Exercise materials:
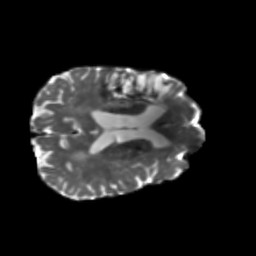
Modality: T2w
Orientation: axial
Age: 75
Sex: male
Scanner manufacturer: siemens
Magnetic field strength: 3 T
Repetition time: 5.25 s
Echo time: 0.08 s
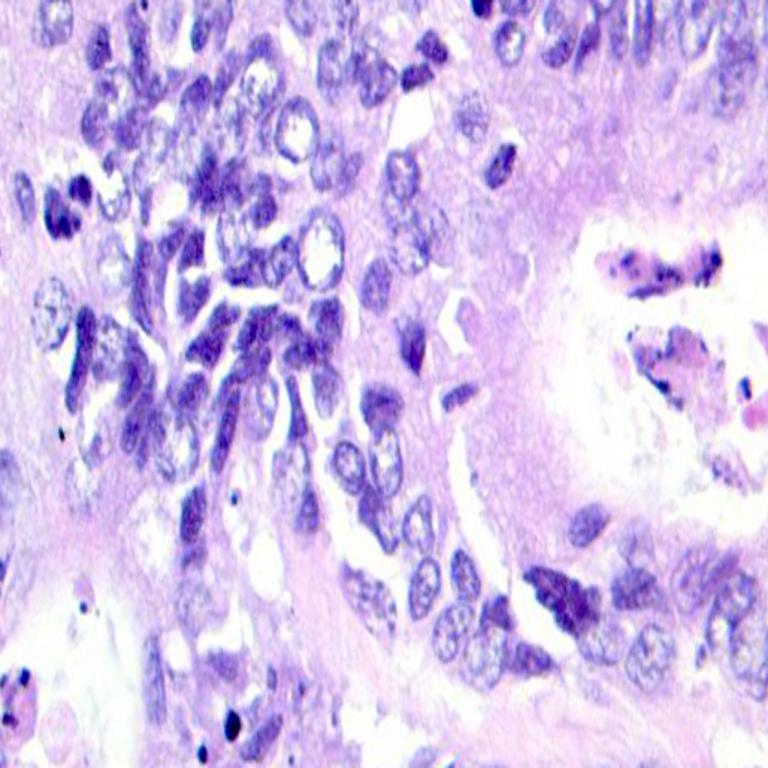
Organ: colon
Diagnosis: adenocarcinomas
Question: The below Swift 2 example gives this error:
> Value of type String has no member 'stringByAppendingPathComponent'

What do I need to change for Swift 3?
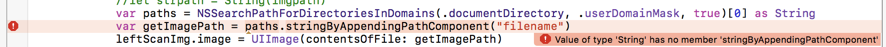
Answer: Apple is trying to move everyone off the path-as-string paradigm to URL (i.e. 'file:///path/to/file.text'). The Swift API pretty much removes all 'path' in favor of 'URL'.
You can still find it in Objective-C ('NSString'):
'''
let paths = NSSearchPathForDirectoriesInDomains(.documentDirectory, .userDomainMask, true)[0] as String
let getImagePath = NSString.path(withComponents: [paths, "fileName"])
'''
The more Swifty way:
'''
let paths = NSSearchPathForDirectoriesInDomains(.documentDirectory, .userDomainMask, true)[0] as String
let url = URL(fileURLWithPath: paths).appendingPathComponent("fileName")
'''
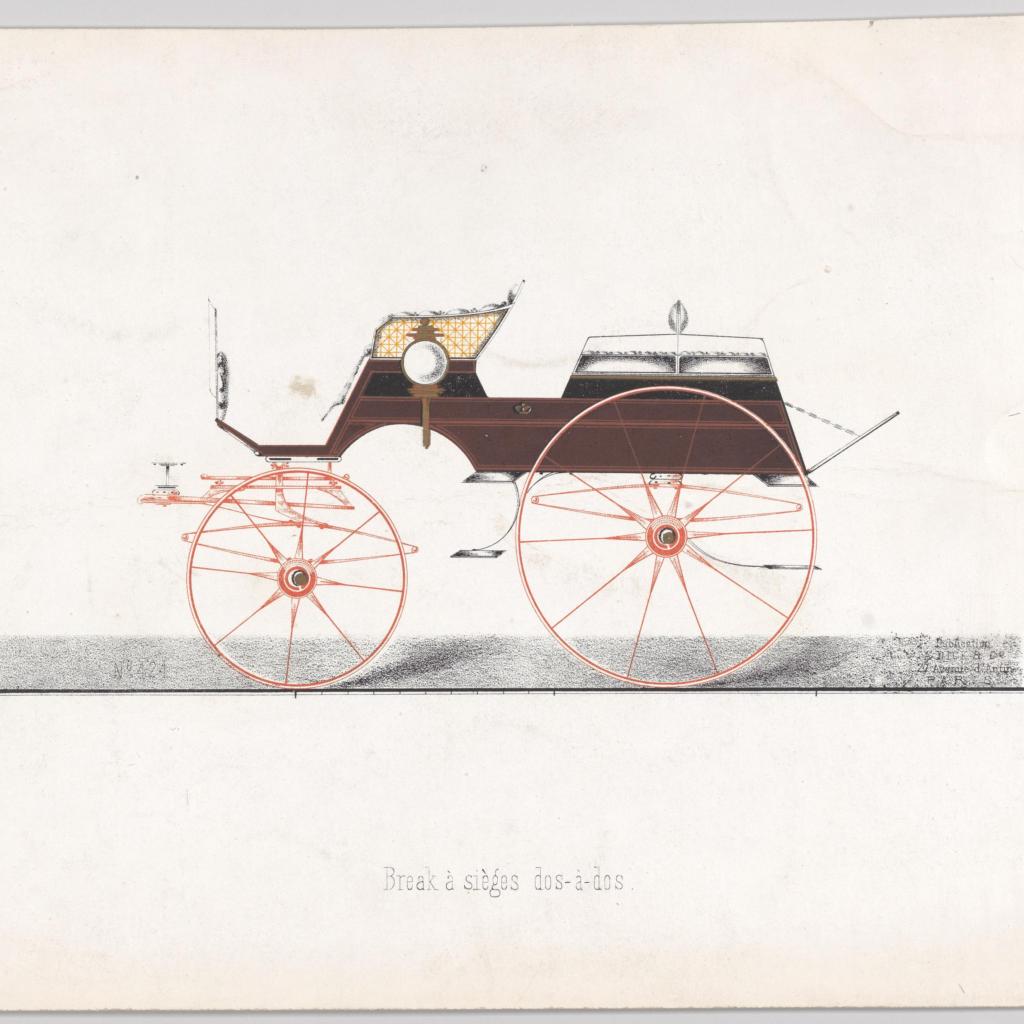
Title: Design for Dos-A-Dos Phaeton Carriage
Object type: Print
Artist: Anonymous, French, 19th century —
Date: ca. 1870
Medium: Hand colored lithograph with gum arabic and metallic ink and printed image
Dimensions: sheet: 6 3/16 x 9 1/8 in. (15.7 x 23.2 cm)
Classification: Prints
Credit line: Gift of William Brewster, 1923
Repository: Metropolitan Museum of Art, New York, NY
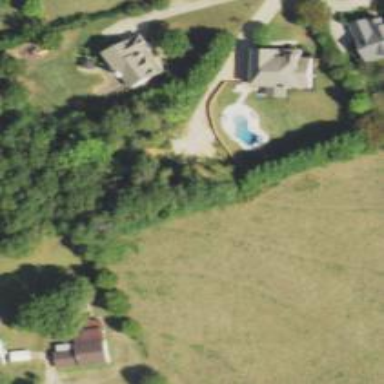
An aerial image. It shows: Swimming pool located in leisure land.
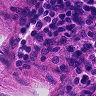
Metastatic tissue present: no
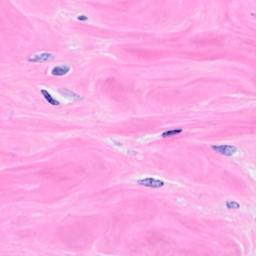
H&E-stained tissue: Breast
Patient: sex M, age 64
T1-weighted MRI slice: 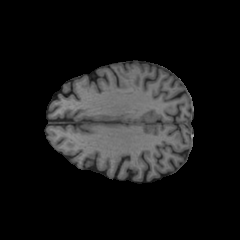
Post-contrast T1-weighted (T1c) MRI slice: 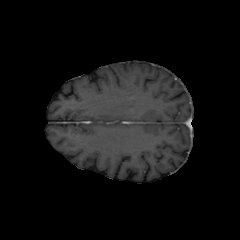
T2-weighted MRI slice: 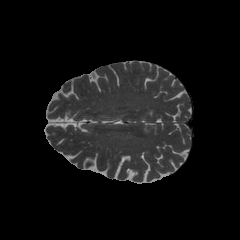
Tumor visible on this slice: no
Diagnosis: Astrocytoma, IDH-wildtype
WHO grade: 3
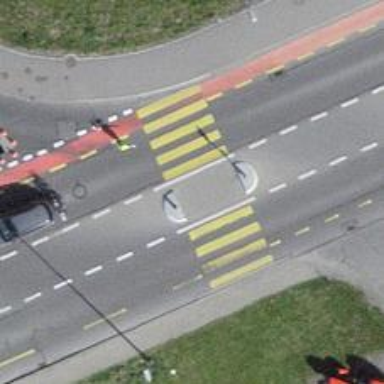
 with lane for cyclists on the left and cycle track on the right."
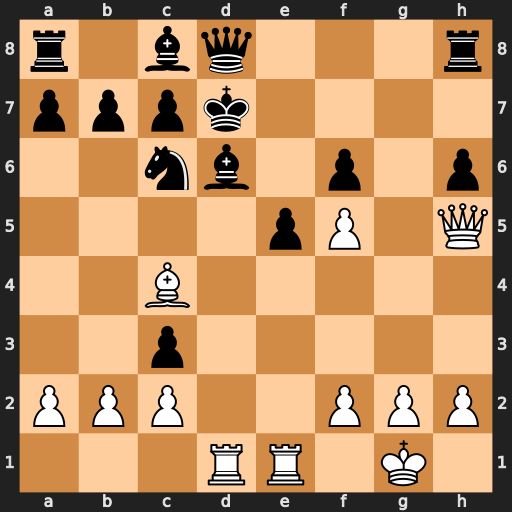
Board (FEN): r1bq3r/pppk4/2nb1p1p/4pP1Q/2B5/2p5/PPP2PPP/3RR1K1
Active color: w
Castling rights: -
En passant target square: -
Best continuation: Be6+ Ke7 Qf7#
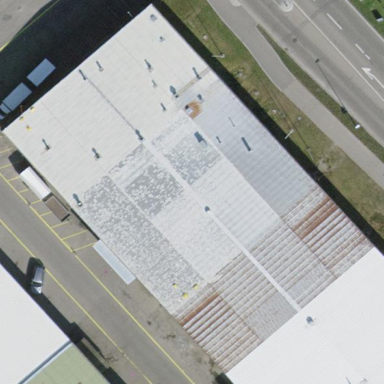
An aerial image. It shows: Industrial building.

What this task involves: Everything from the line holding "Organ: colon" to the close of the records should be written out exactly, both ends included, with pictures omitted.

Exercise answer:
Organ: colon
Diagnosis: adenocarcinomas
Question: The below Swift 2 example gives this error:
> Value of type String has no member 'stringByAppendingPathComponent'

What do I need to change for Swift 3?
Answer: Apple is trying to move everyone off the path-as-string paradigm to URL (i.e. 'file:///path/to/file.text'). The Swift API pretty much removes all 'path' in favor of 'URL'.
You can still find it in Objective-C ('NSString'):
'''
let paths = NSSearchPathForDirectoriesInDomains(.documentDirectory, .userDomainMask, true)[0] as String
let getImagePath = NSString.path(withComponents: [paths, "fileName"])
'''
The more Swifty way:
'''
let paths = NSSearchPathForDirectoriesInDomains(.documentDirectory, .userDomainMask, true)[0] as String
let url = URL(fileURLWithPath: paths).appendingPathComponent("fileName")
'''
Title: Design for Dos-A-Dos Phaeton Carriage
Object type: Print
Artist: Anonymous, French, 19th century —
Date: ca. 1870
Medium: Hand colored lithograph with gum arabic and metallic ink and printed image
Dimensions: sheet: 6 3/16 x 9 1/8 in. (15.7 x 23.2 cm)
Classification: Prints
Credit line: Gift of William Brewster, 1923
Repository: Metropolitan Museum of Art, New York, NY
An aerial image. It shows: Swimming pool located in leisure land.
Metastatic tissue present: no
H&E-stained tissue: Breast
Patient: sex M, age 64
T1-weighted MRI slice: 
Post-contrast T1-weighted (T1c) MRI slice: 
T2-weighted MRI slice: 
Tumor visible on this slice: no
Diagnosis: Astrocytoma, IDH-wildtype
WHO grade: 3
 with lane for cyclists on the left and cycle track on the right."
Board (FEN): r1bq3r/pppk4/2nb1p1p/4pP1Q/2B5/2p5/PPP2PPP/3RR1K1
Active color: w
Castling rights: -
En passant target square: -
Best continuation: Be6+ Ke7 Qf7#
An aerial image. It shows: Industrial building.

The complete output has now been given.